The official site, EPO.org
, can brag all it wants about illegal actions taken by itself, as we shall show later. But it won't fool EPO insiders. They're too smart for this mindless PR and the shallow optics.
The uploaded PDF was accompanied by the following message from the EPO's Central Staff Committee. It read as follows:
[CSC] Rewards Exercise 2022: Cumulated Pensionable Rewards
Dear colleagues,
The aim of this paper, the fifth part in a series of publications on the rewards exercise 2022 (part 1, part 2, part 3, part 4), is to identify patterns in the way rewards are being distributed and compare such patterns with the rewards policy of the new career system (NCS) and/or the former career system. One useful method is to observe histograms reflecting how staff have been similarly or differently rewarded over several years.

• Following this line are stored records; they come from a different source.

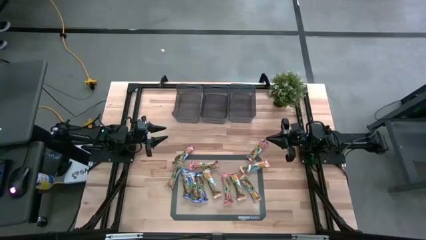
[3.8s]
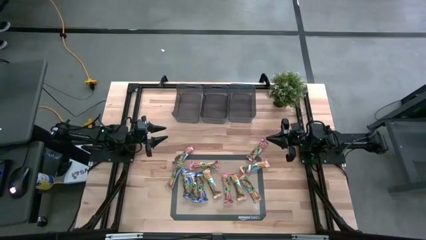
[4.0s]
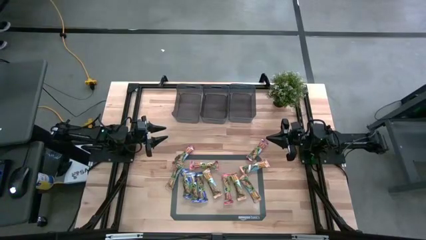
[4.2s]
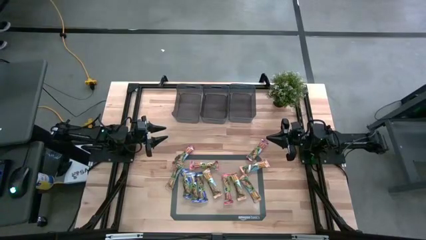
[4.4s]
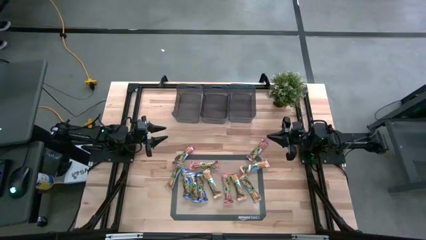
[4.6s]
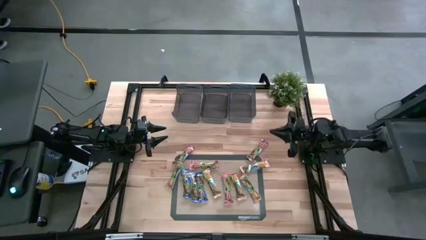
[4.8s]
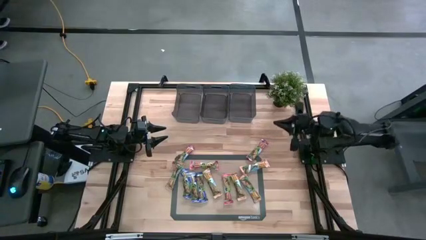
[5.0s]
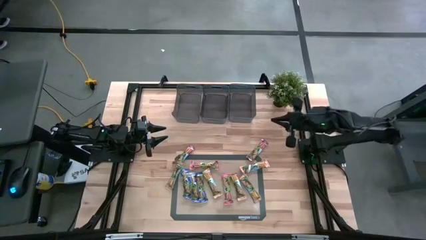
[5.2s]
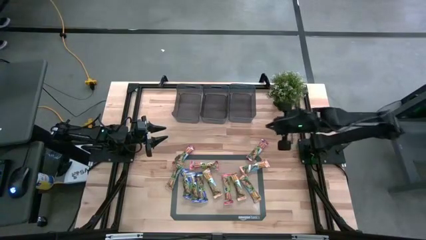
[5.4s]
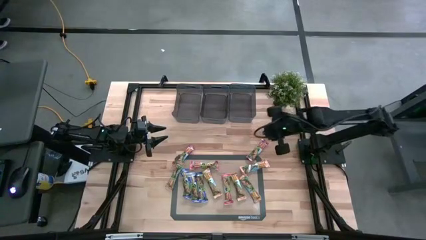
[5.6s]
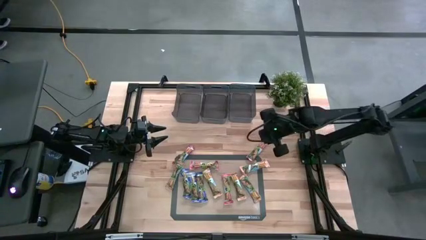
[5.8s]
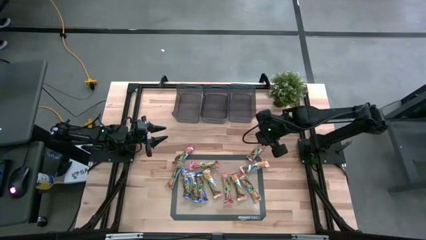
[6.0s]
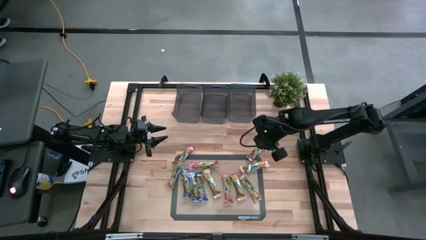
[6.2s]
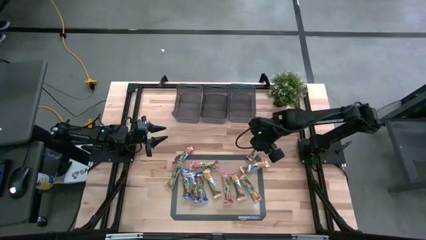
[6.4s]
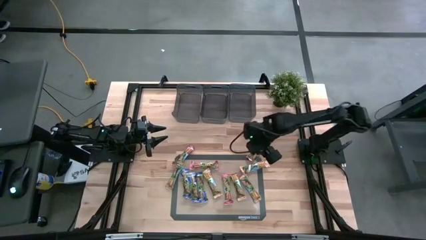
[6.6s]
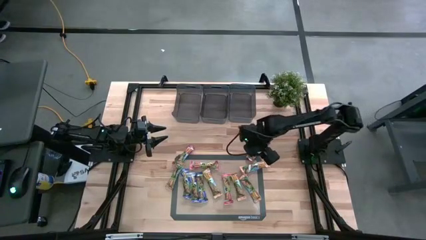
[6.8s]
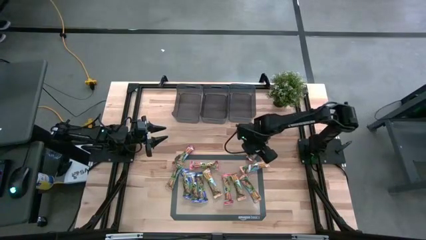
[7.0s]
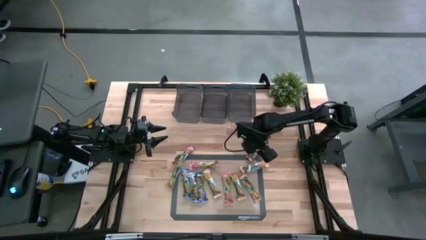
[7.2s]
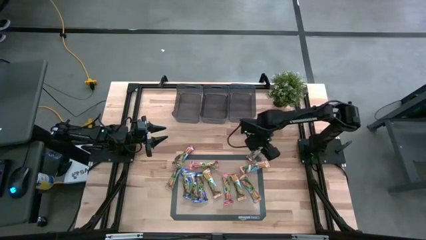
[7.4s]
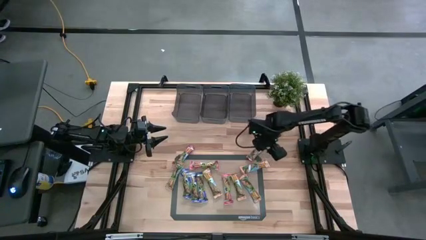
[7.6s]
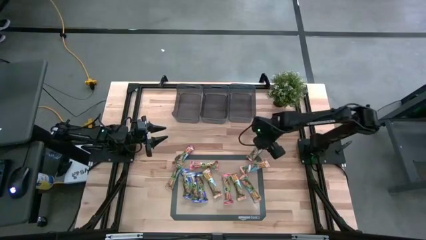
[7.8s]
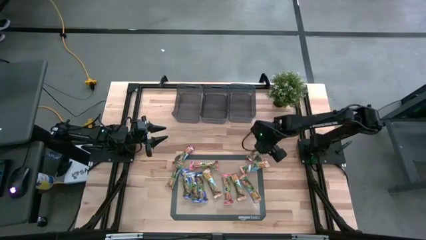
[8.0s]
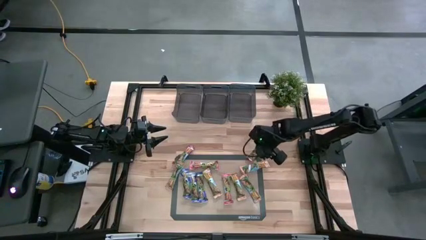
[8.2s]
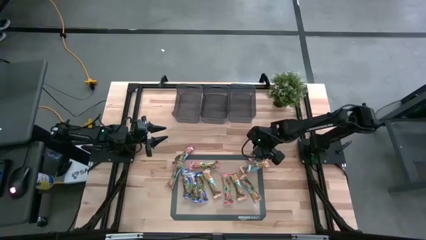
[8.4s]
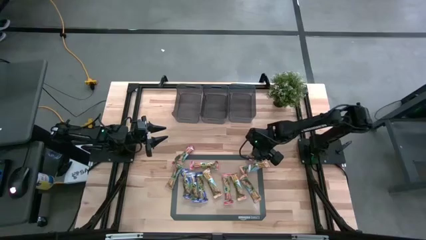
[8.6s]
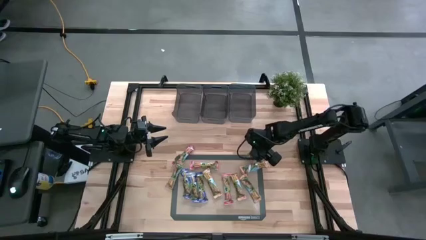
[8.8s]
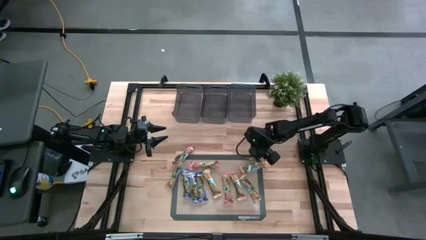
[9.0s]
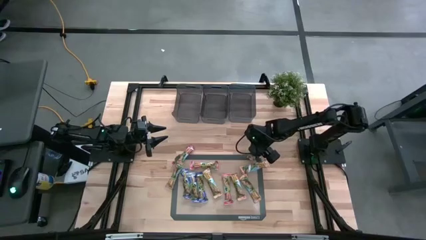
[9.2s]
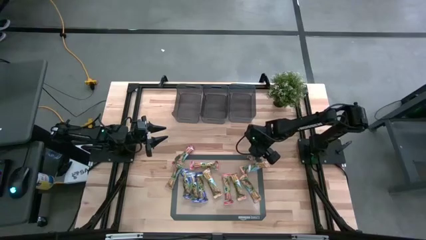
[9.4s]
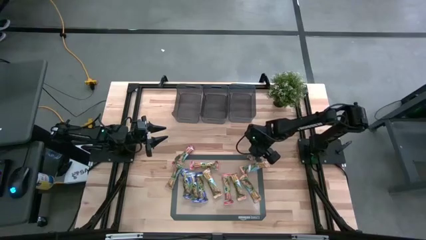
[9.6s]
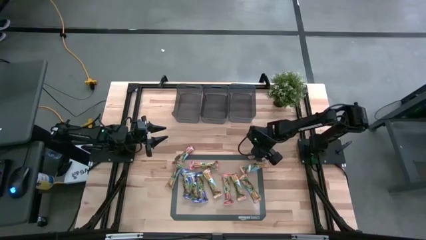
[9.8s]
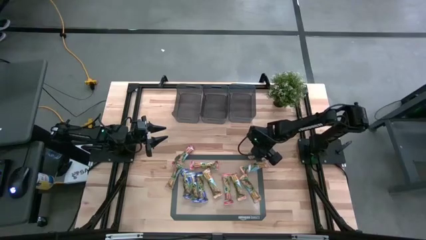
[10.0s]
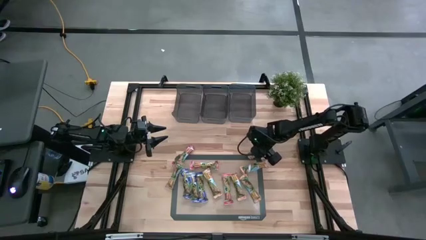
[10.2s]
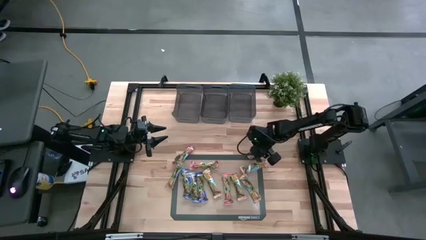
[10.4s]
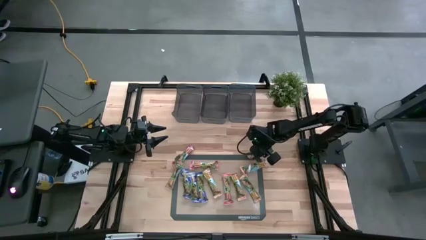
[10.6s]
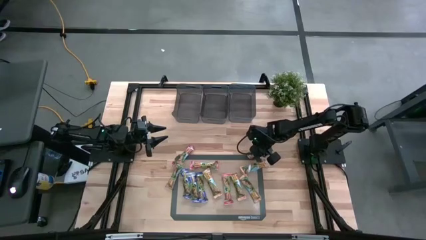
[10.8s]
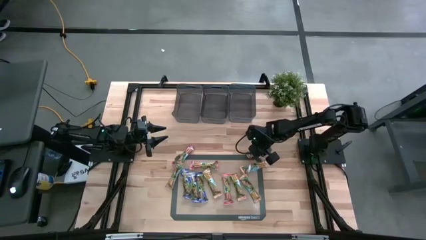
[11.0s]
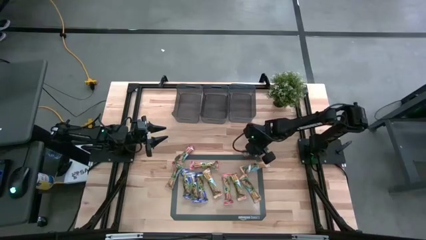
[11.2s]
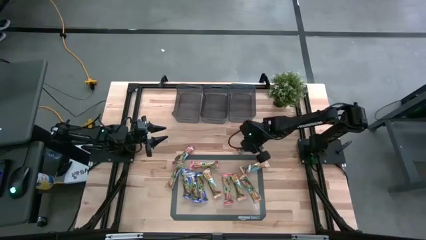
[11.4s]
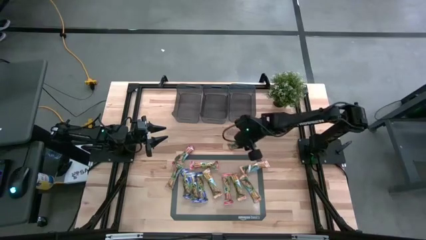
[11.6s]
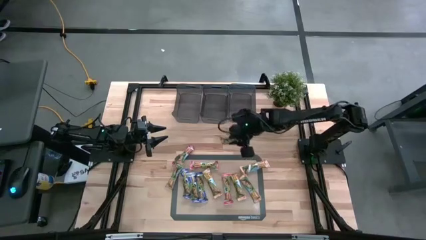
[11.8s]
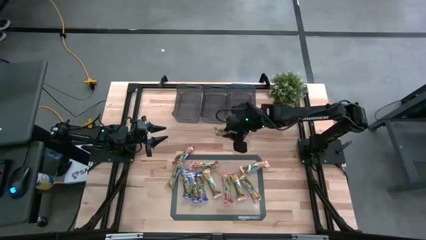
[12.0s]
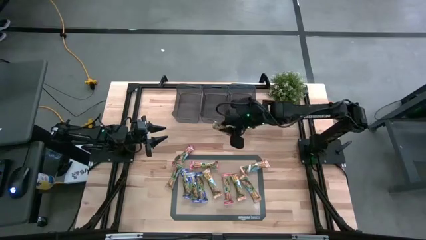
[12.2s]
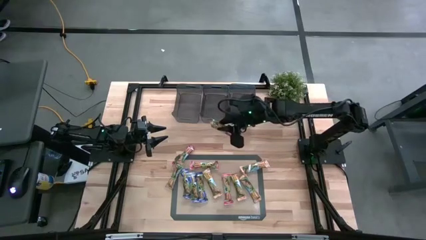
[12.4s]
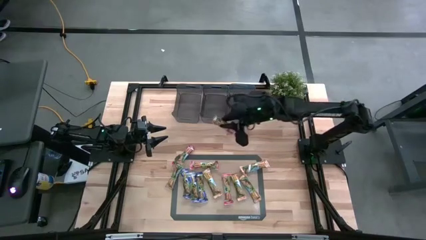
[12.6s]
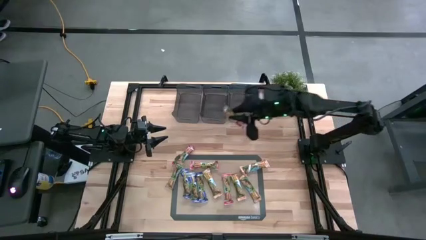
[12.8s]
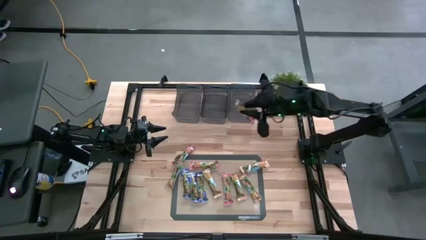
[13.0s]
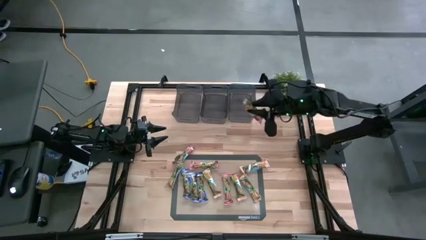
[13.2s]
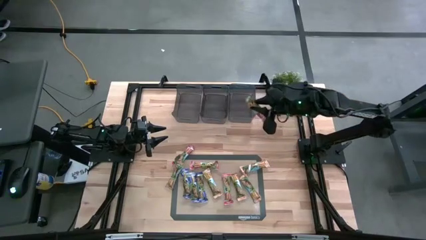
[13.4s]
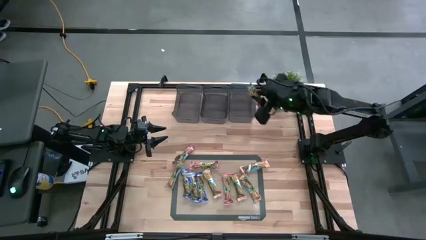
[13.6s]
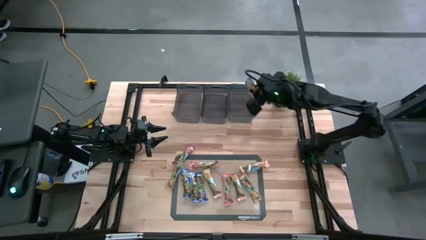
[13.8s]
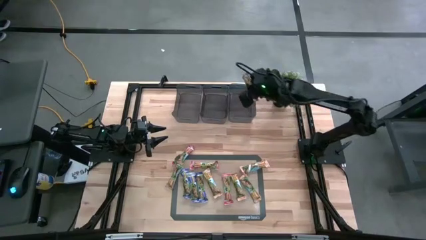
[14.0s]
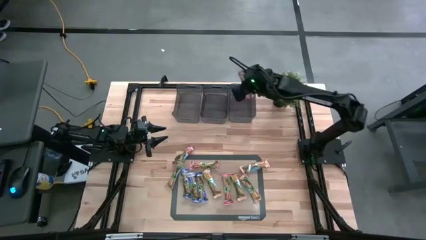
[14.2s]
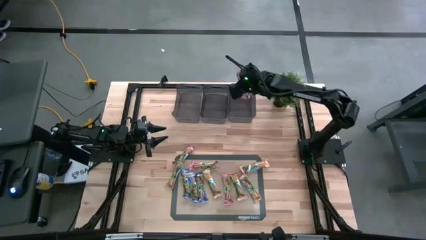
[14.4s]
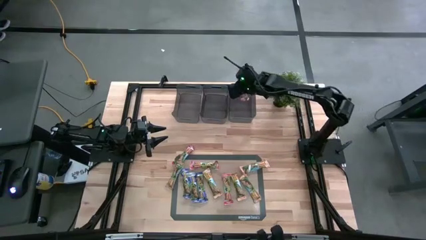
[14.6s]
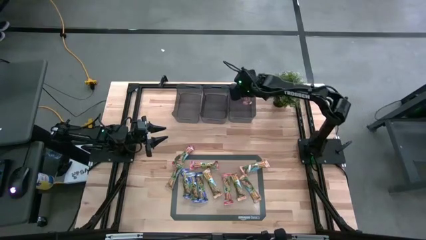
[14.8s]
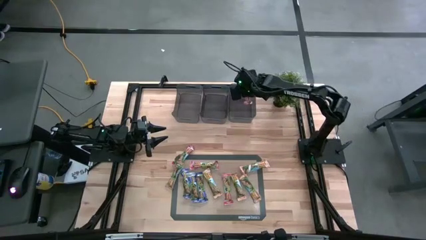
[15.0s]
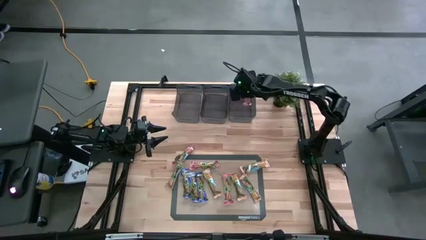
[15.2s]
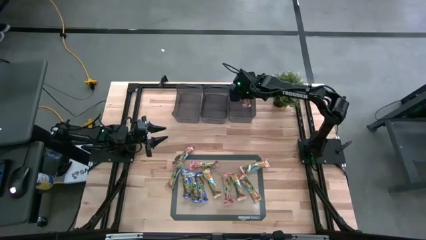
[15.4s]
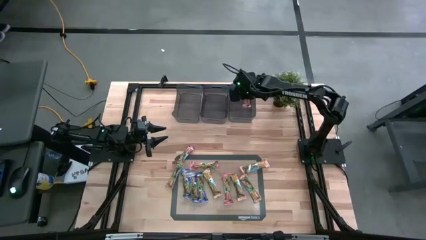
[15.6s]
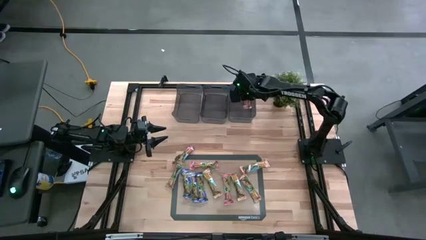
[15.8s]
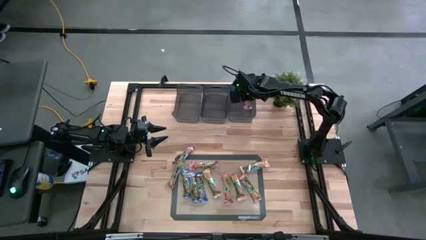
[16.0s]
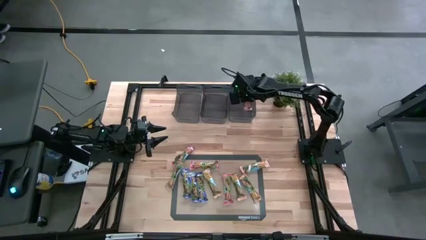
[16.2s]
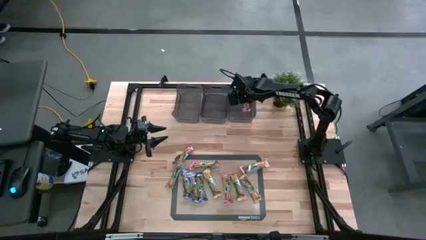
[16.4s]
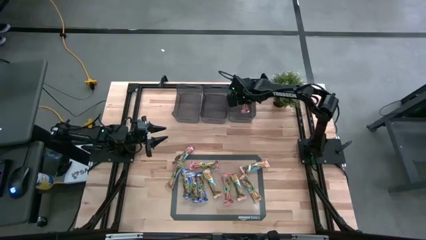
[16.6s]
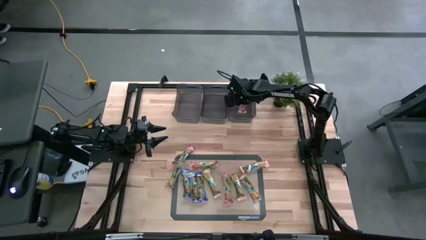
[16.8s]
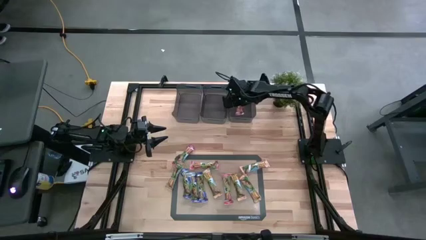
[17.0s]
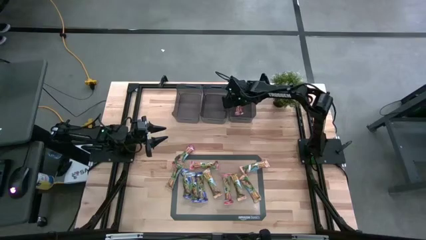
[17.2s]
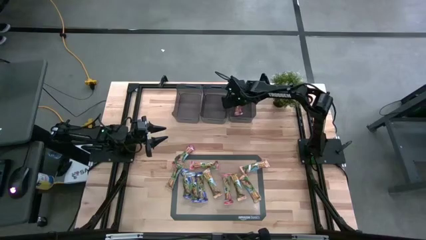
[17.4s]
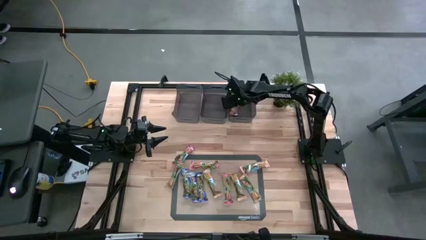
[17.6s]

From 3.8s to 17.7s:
Task: Pick and place Granola Bars by type
Put the red granola bar into the right black bin

If the rewarding exercise were not arbitrary, the cumulated output over many years for any staff member should match with measurable data resulting from criteria that are clearly defined in the Service Regulations or implementing provisions, that is applicable to the staff member and comparable with peers. Having considered the only collective data ever produced by the management and trying to see if that data could explain the observed distribution of cumulated rewards, it must be concluded that there is a complete mismatch.
The “holistic” approach after one year of implementation has had no appreciable effect on the distribution of rewards. In contrast, the NCS reveals itself more and more as a “winner-takes-all” system for a small minority.
Over time, the discrepancy of rewards among staff grows, giving even more reasons for staff to complain against a career mechanism that has never fulfilled its alleged intent of rewarding “merit” and appears as arbitrary. There is no clear definition of “merit” given by management and the abolition of any seniority component remains contested.